[Entries provided]

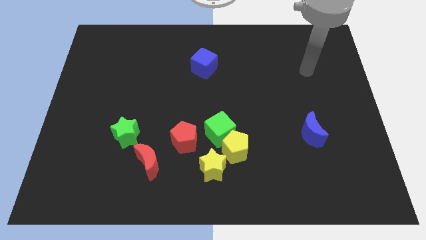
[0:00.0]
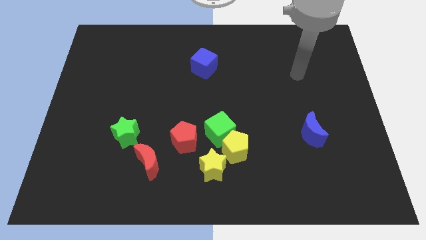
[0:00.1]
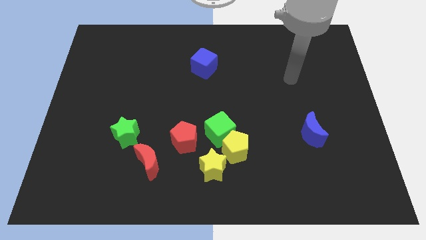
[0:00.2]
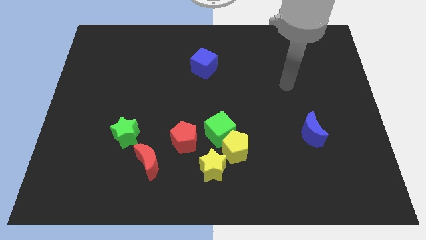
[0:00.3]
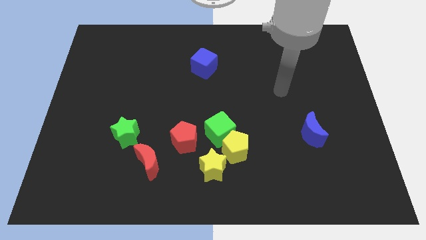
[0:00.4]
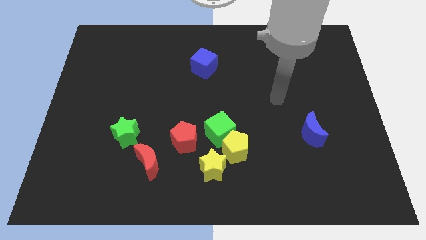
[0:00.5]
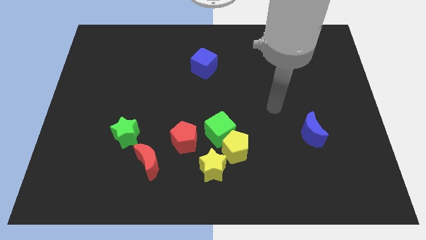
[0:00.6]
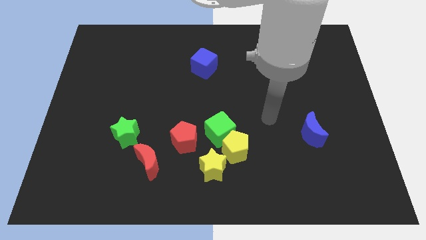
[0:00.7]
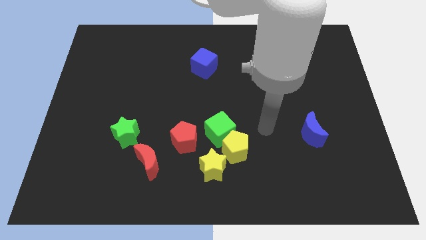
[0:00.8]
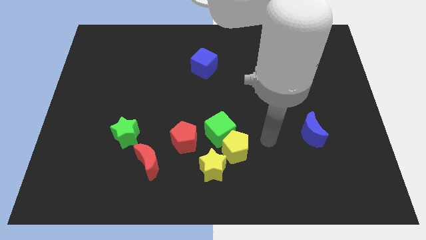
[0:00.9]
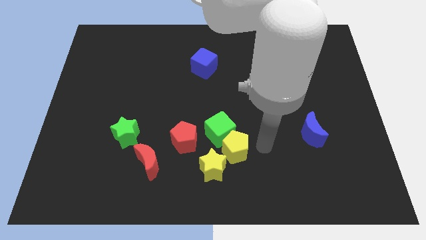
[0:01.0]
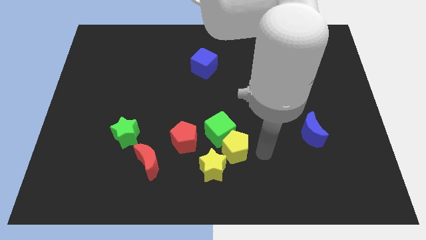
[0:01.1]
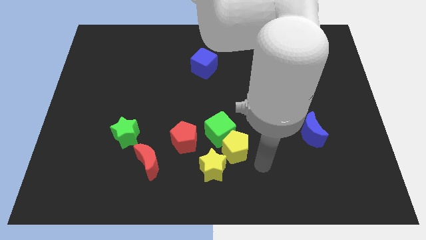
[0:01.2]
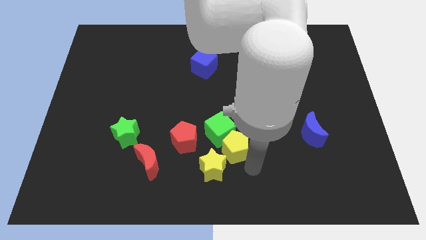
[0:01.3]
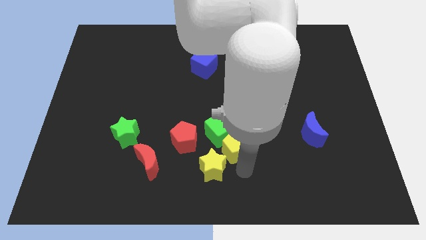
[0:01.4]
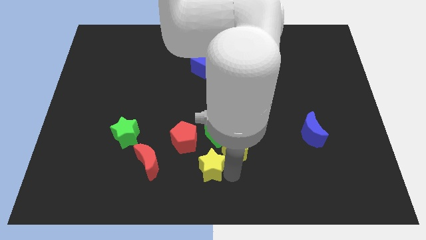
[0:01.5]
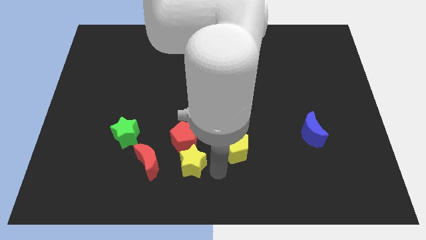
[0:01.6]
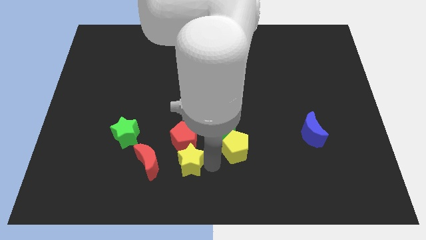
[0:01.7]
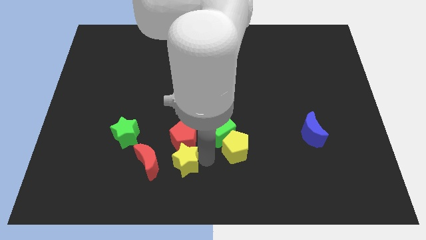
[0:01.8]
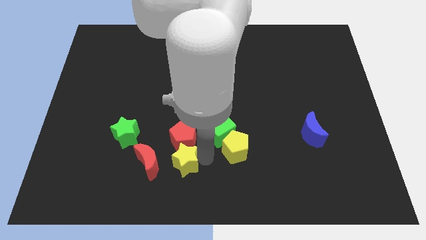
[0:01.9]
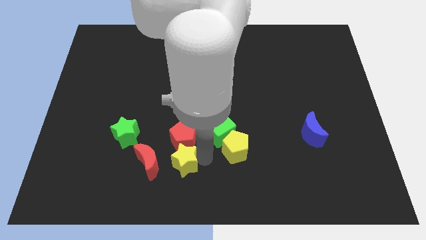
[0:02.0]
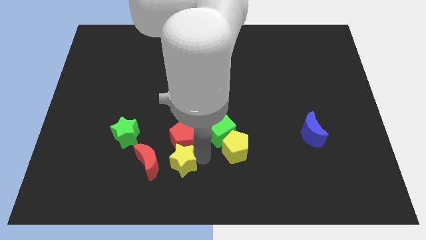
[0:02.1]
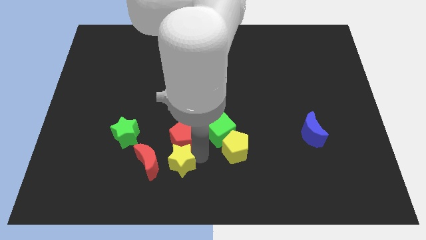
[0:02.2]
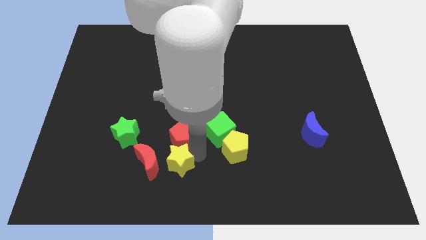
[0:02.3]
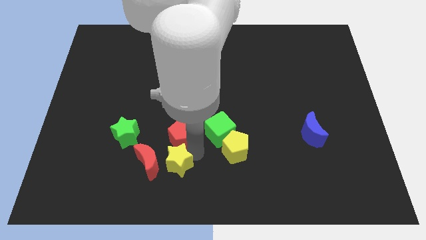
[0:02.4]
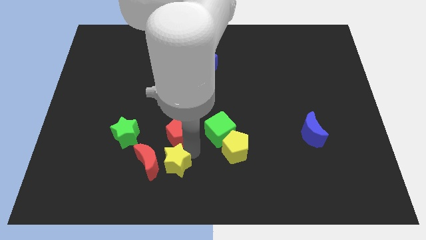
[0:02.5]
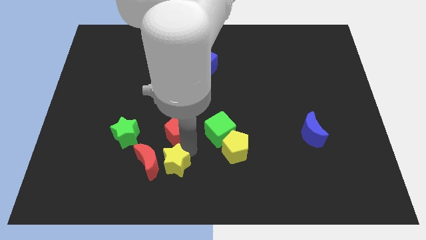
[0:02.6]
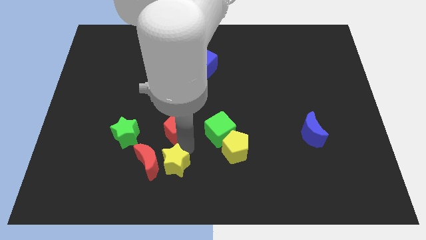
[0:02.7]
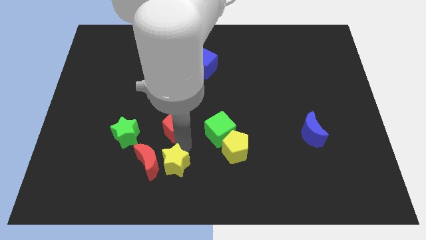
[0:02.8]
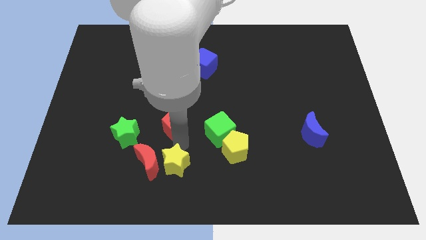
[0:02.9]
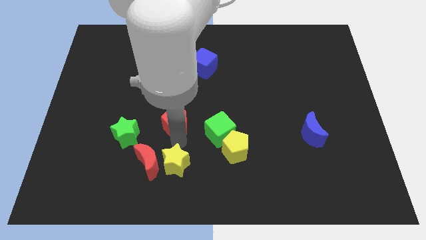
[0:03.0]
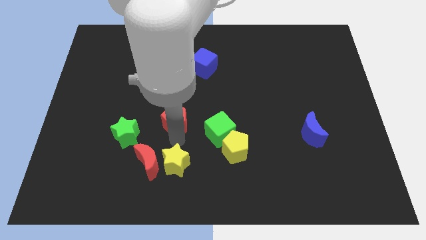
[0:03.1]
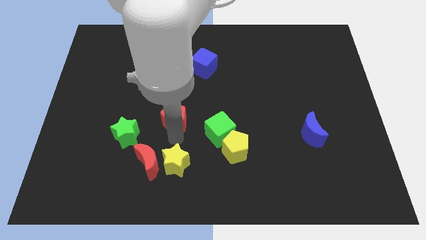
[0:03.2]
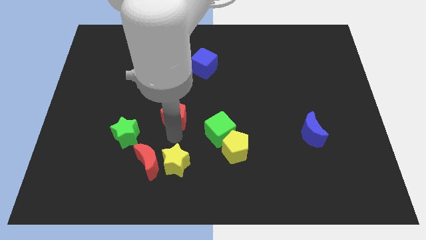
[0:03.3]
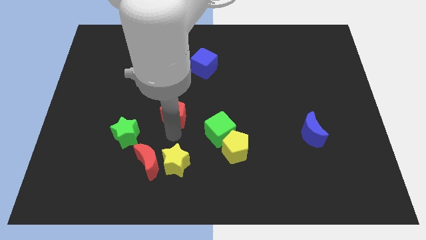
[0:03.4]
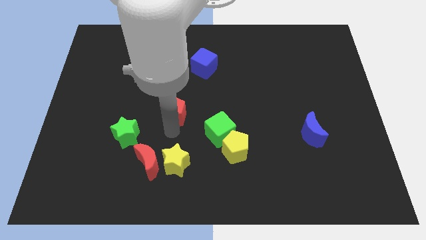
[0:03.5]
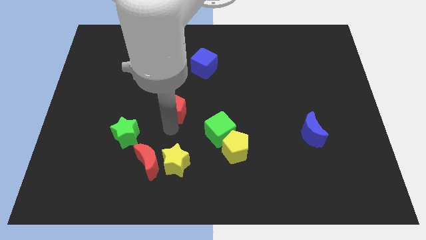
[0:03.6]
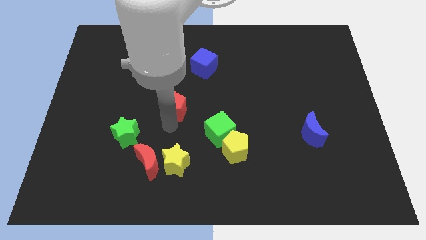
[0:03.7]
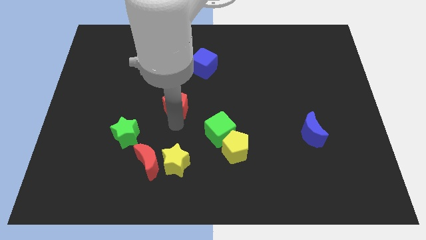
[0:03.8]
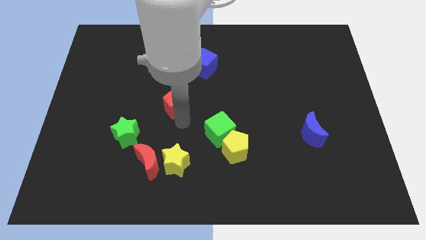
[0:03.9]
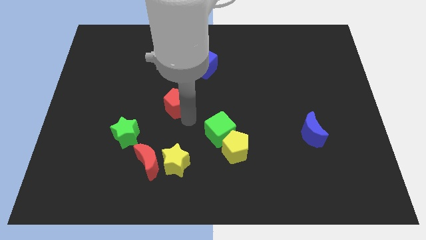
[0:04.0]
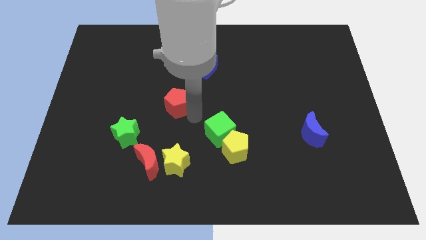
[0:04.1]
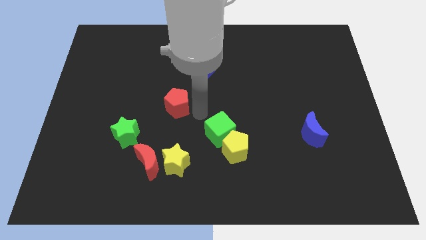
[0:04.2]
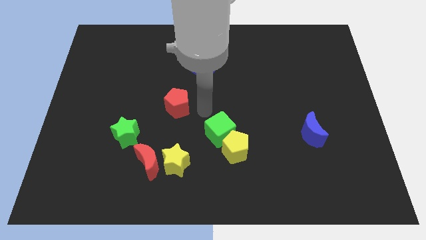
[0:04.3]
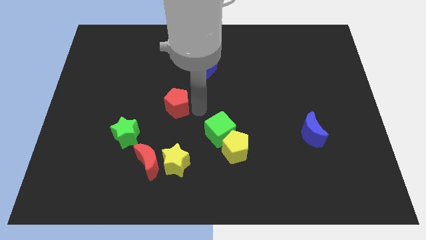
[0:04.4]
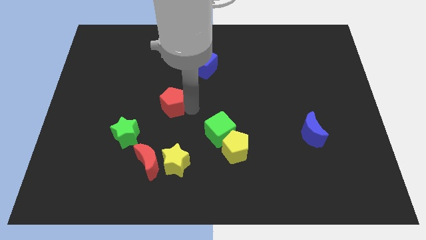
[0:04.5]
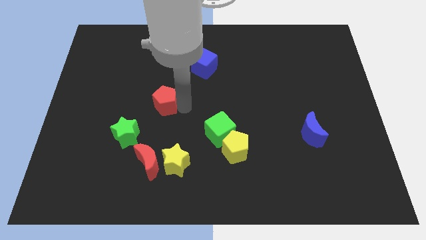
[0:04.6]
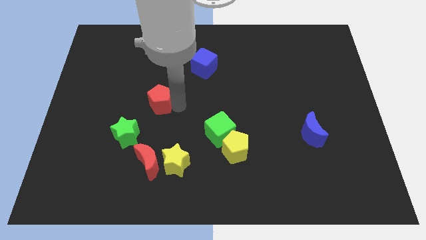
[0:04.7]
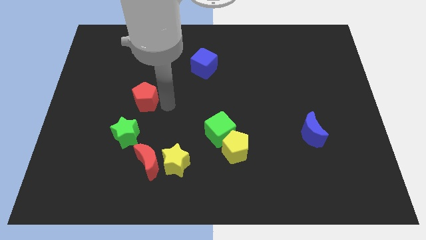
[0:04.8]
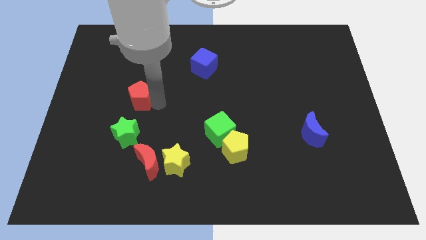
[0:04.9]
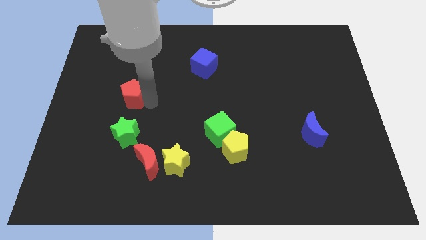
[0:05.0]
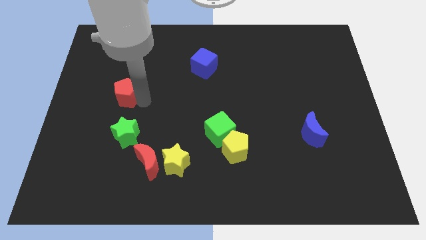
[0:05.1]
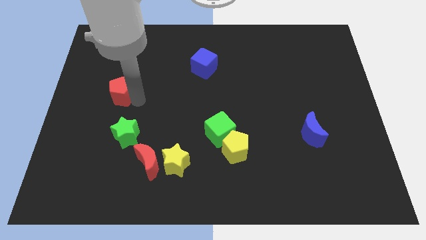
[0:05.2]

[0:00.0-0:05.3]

[/Entries provided]

## Work required
Here the records must be restated exactly, minus any images.

## Answer to the problem
[0:00.0]
[0:00.1]
[0:00.2]
[0:00.3]
[0:00.4]
[0:00.5]
[0:00.6]
[0:00.7]
[0:00.8]
[0:00.9]
[0:01.0]
[0:01.1]
[0:01.2]
[0:01.3]
[0:01.4]
[0:01.5]
[0:01.6]
[0:01.7]
[0:01.8]
[0:01.9]
[0:02.0]
[0:02.1]
[0:02.2]
[0:02.3]
[0:02.4]
[0:02.5]
[0:02.6]
[0:02.7]
[0:02.8]
[0:02.9]
[0:03.0]
[0:03.1]
[0:03.2]
[0:03.3]
[0:03.4]
[0:03.5]
[0:03.6]
[0:03.7]
[0:03.8]
[0:03.9]
[0:04.0]
[0:04.1]
[0:04.2]
[0:04.3]
[0:04.4]
[0:04.5]
[0:04.6]
[0:04.7]
[0:04.8]
[0:04.9]
[0:05.0]
[0:05.1]
[0:05.2]

[0:00.0-0:05.3]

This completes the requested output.